Коврами я убрала постель мою, разноцветными тканями Египетскими... Зайди, будем упиваться нежностями до утра, насладимся любовию; Потому что мужа нет дома; он отправился в дальнюю дорогу; Кошелек серебра взял с собою; придет домой ко дню полнолуния".

Множеством ласковых слов она увлекла его, мягкостью уст своих овладела им. Тотчас он пошел за нею, как вол идет на убой, и как олень на выстрел, Доколе стрела не пронзит печени его; как птичка кидается в силки, и не знает, что они — на погибель ее.

Итак, дети, слушайте меня, и внимайте словам уст моих. Да не уклоняется сердце твое на пути ее, не блуждай по стезям ее; Потому что многих повергла она ранеными, и много сильных убиты ею:

Дом ее — пути в преисподнюю, нисходящие во внутренние жилища смерти».

Случайно или не случайно схема встречи Иуды и Низы так напоминает схему притчи Соломоновой? Может быть, обнаженная простота и символичность притчи позволяют подвести под нее все, что угодно?

Женщина с коварным сердцем, ноги которой «не живут в доме ее». («Если меня кто-нибудь спросит, скажи, что я ушла в гости к Энанте. — Послышалось ворчание старой служанки в темноте: — К Энанте? Ох уж эта Энанта! Ведь запретил же муж ходить к ней! Сводница она, твоя Энанта!»)

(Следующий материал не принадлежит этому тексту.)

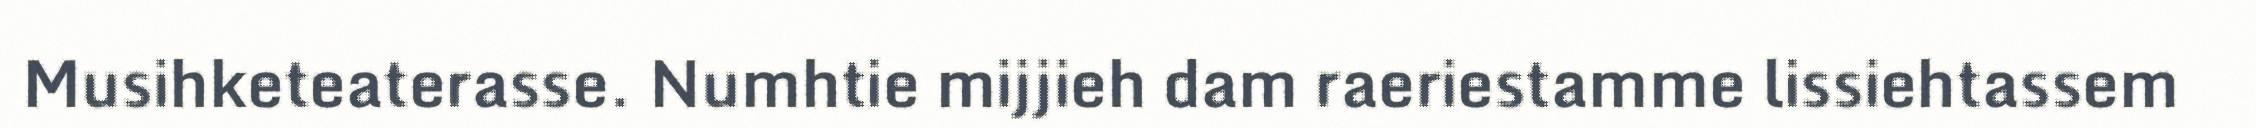
Musihketeaterasse. Numhtie mijjieh dam raeriestamme lissiehtassem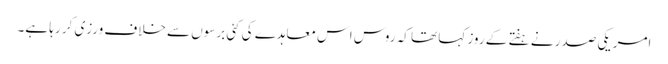
امریکی صدر نے ہفتے کے روز کہا تھا کہ روس اس معاہدے کی کئی برسوں سے خلاف ورزی کر رہا ہے۔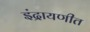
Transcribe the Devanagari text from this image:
इंद्रायणीत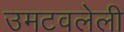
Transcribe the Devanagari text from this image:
उमटवलेली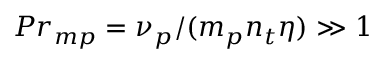
{ P r _ { m p } } = \nu _ { p } / ( m _ { p } n _ { t } \eta ) \gg 1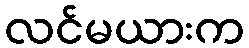
လင်မယားက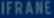
IFRAME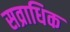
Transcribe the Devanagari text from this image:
सव्राधिक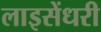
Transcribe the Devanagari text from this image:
लाइसेंधरी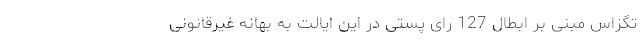
تگزاس مبنی بر ابطال 127 رای پُستی در این ایالت به بهانه غیرقانونی

Иуда, тотчас идущий за Низой — как олень на выстрел, как птичка, кидающаяся в силки... (У Булгакова даже слово то же — «тотчас»: «и тотчас пустился ее догонять».)

В сумерки, как и в притче, начинается действие этой главы романа, развивается в едва наступившей темноте, когда еще не зажигают огня, потом загораются одно за другим окна, вспыхивают факелы, и над Ершалаимом поднимается ночное светило...

Но особенно поражают совпадения в малых деталях.

На том же месте происходит гибельная для Иуды встреча. В притче: «площадь близ угла ее». У Булгакова: «на том самом углу, где улица вливалась в базарную площадь».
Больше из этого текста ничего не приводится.